Jeżeli zdecydujemy się na montaż dedykowanego kontrolera LED, będziemy mogli w pełni bawić się wszelkimi dobrodziejstwami podświetlenia za pomocą dedykowanego oprogramowania. Niestety, ja w swojej platformie musiałem wszystko podłączyć z pominięciem kontrolera. Całość zarządzana jest za pomocą oprogramowania Gigabyte Control Center – nie jest to wybitny program, ale spokojnie wystarczy do zarządzania sprzętem – od podświetlenia po kontrolę wentylatorów, na podglądzie temp. w czasie rzeczywistym kończąc. 

Termowizja

Zanim na dobre wskoczymy w testy i zobaczymy, jak chłodzenie radzi sobie z wymagającym przeciwnikiem, kilka zdjęć z kamery termowizyjnej. Muszę przyznać, że całość działa bardzo wydajnie – wystarczy dokładnie przyjrzeć się wskazaniom :)

Testy i pokaz możliwości chłodzenia

Testy obciążeniowe przeprowadziłem w programie Intel Extreme Tuning Utylity – jest to oprogramowanie, od którego zacząłem.

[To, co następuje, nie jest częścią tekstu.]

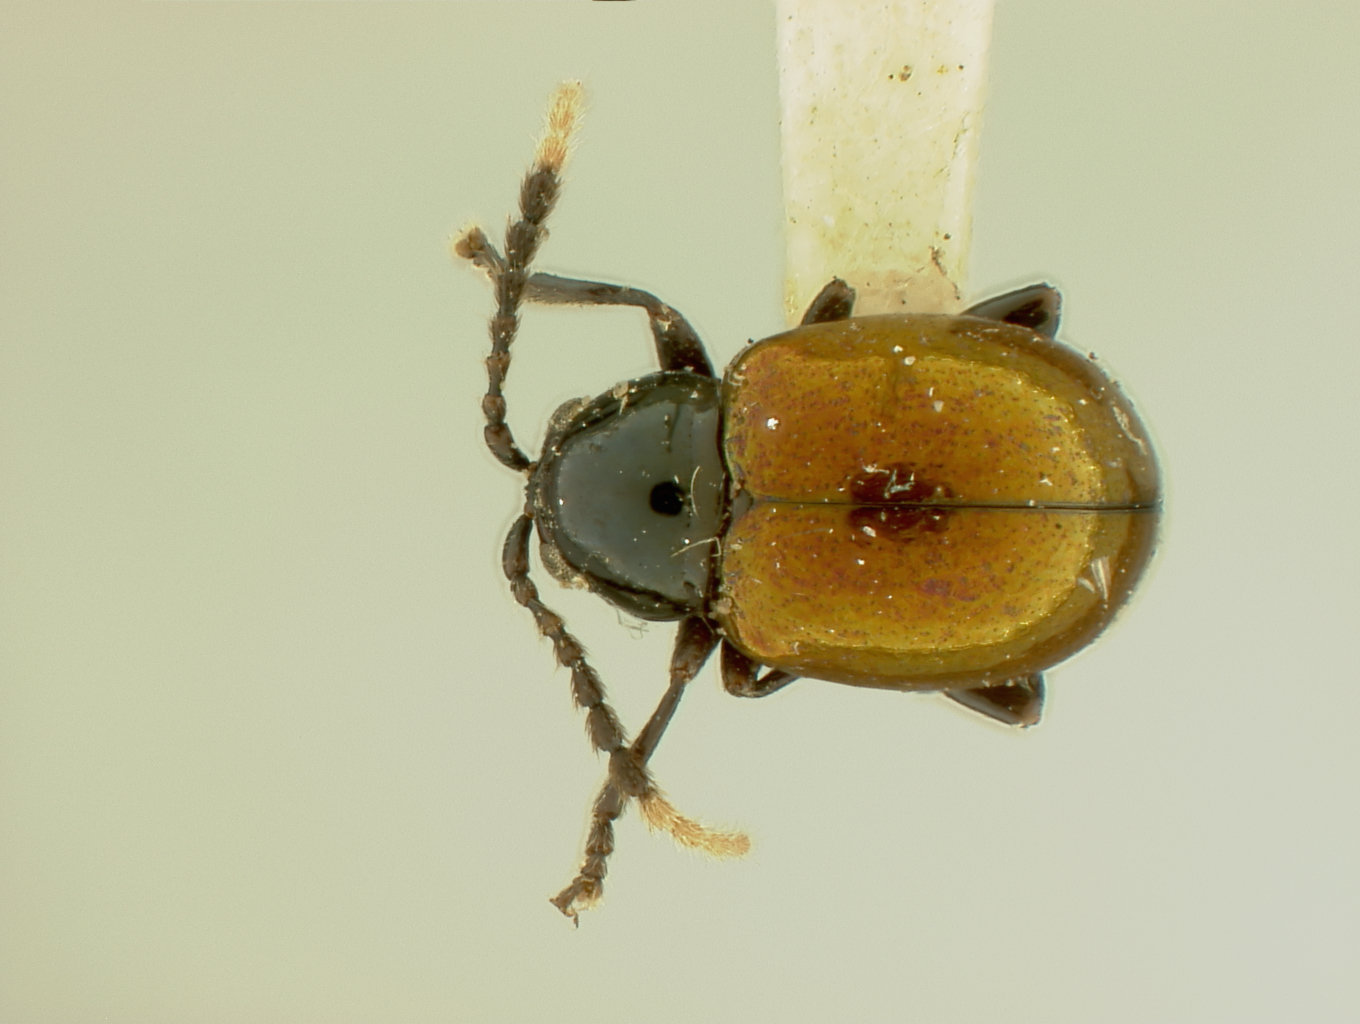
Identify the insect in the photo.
Hermaeophaga cuprea
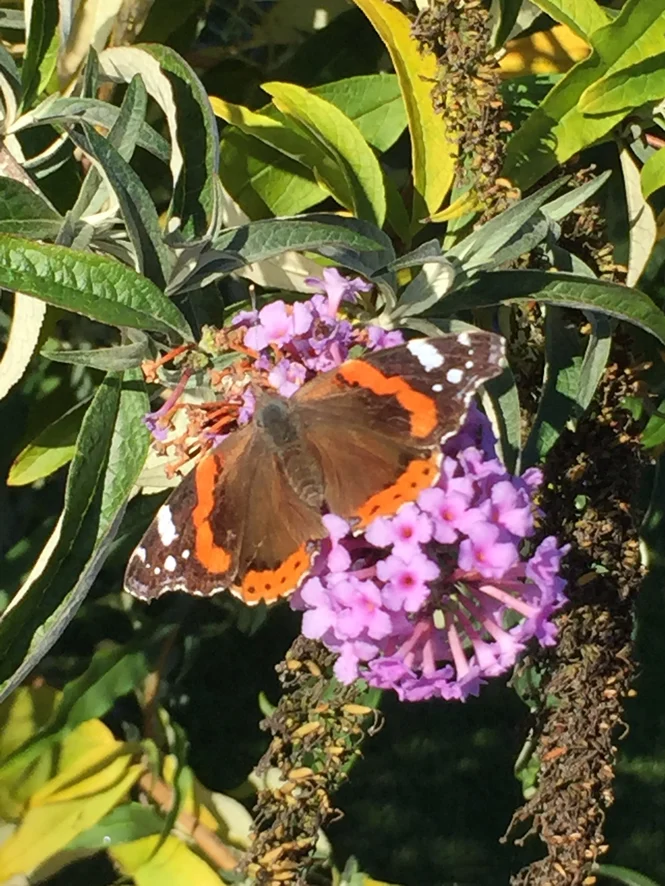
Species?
Vanessa atalanta
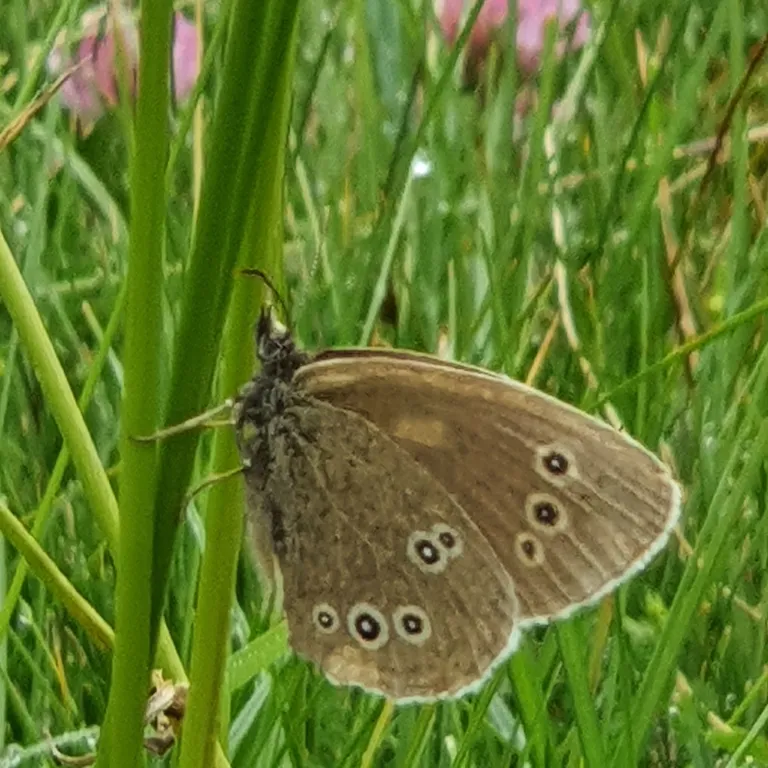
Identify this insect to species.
Aphantopus hyperantus
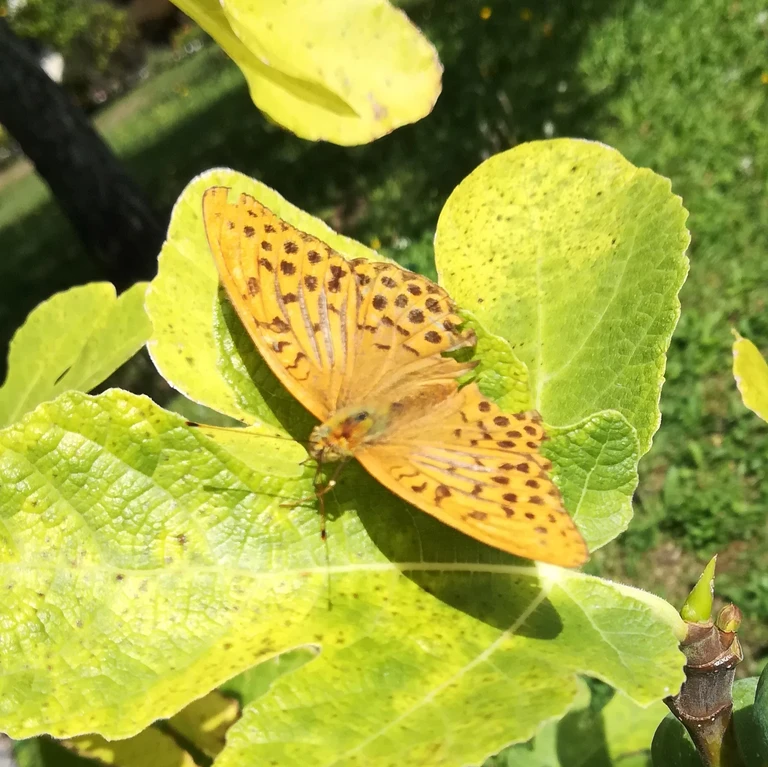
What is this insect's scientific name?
Argynnis paphia
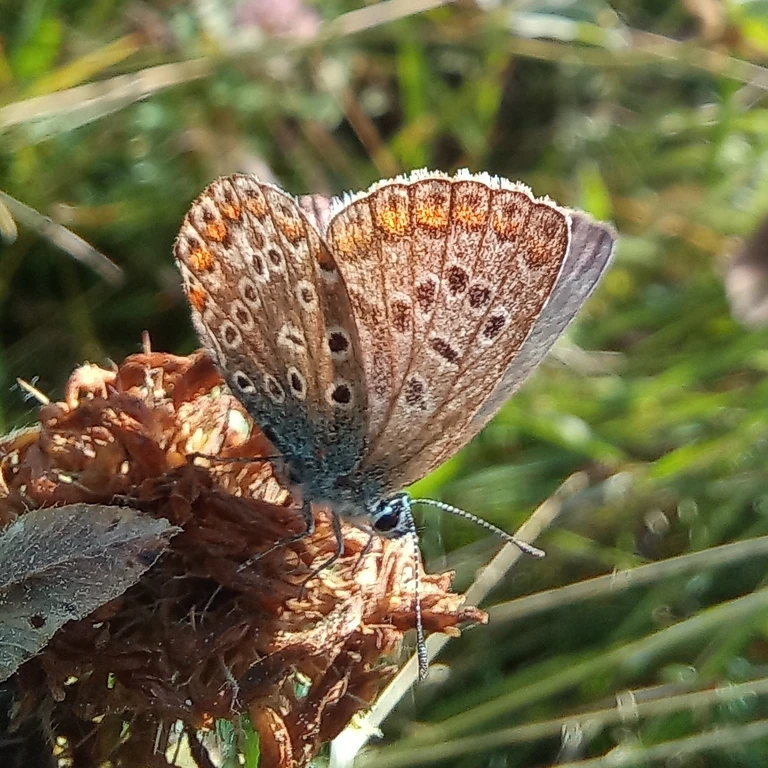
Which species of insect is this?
Polyommatus icarus
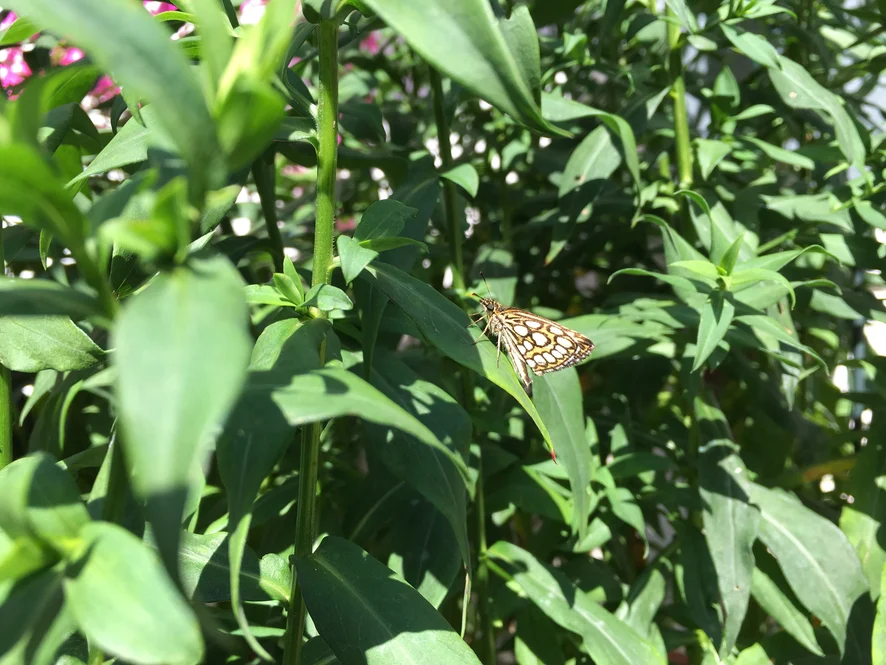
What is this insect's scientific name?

Muszę przyznać, że jest całkiem naprawdę kurde nieźle!

Na stockowych ustawieniach procesora zanotowałem w piku maksymalnie 88 stopni Celsjusza (średnio było to około 75C) i bez jakichkolwiek oznak throttlingu.

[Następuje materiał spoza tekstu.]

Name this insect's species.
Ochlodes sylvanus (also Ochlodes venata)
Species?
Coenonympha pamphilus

Później wykorzystałem narzędzie AI Assist do overclocking procesora przez sztuczną inteligencję – nie do końca ufam temu rozwiązaniu (powiedzmy, że jesteśmy na etapie dogadywania się), ale i tak wpadła delikatna poprawa z P 5.7 na 5.9 GHz oraz E 4.4 na 4.5 GHz, co przy tych działaniach poskutkowało podniesieniem maksymalnej temperatury do 95C (ale dalej bez throttlingu).

XTU Benchmark 2.0 – 14165 punktów 

Pora na OCCT. Tutaj stress test już po poprawkach AI oraz benchmarki. Maksymalna temperatura na jednym rdzeniu faktycznie skoczyła do 100C, ale tylko podczas odpalenia benchmarków – w stress teście całość poniżej 80C.

  • Single SSE – 113.98
  • Multiple SSE – 1668.86
  • Single AVX – 212.87
  • Multiple AVX – 2438.48

Gry

Tutaj powiem, że wyniki są bardzo ciekawe. Mam na myśli to, że jest totalnie OK :) 

Call of Duty  Modern Warfare 3 (2023)

Stabilnie w okolicach 55/56 stopni Celsjusza.

Forza Horizon 5

Poniżej 50!, a dokładnie okolice 45/48C.

Simrail

Kiepska optymalizacja to zawsze większe wyzwanie dla sprzętu, a tutaj pomiędzy 55/60C.

Tom Clancy’s Rainbow Six Siege

Czyli R6 – również temperatury wahają się w okolicach 60C.

Cyberpunk 2077

Myślałem, że będzie więcej – od 45 do 55C.

Podsumowanie

Nie będzie zaskoczenia na koniec, jak powiem, że “tego się spodziewałem”, albo “wiedziałem że tak będzie”, prawda?

Zanim dotarło do mnie to chłodzenie, miałem już okazję przeczytać recenzje innych twórców oraz zobaczyć kilka materiałów na YT. Miałem zatem świadomość tego, co do mnie trafi. A co rzeczywiście trafiło? Bardzo, ale to BARDZO dobre chłodzenie, w dodatku nie najgorzej wycenione (ja wiem że 850 złotych to jest dużo pieniędzy, ale uwierzcie mi, że inni producenci za wydajność i bajery potrafią doliczyć dodatkowe 60% tej ceny). 

Mam tylko nadzieję, że w przyszłości Cooler Master wymyśli jakiś system “jednego kabla”, by wszystko połączyć w jedno – mniej problemów z montażem i planowaniem łączenia to zawsze coś, co jest w cenie! 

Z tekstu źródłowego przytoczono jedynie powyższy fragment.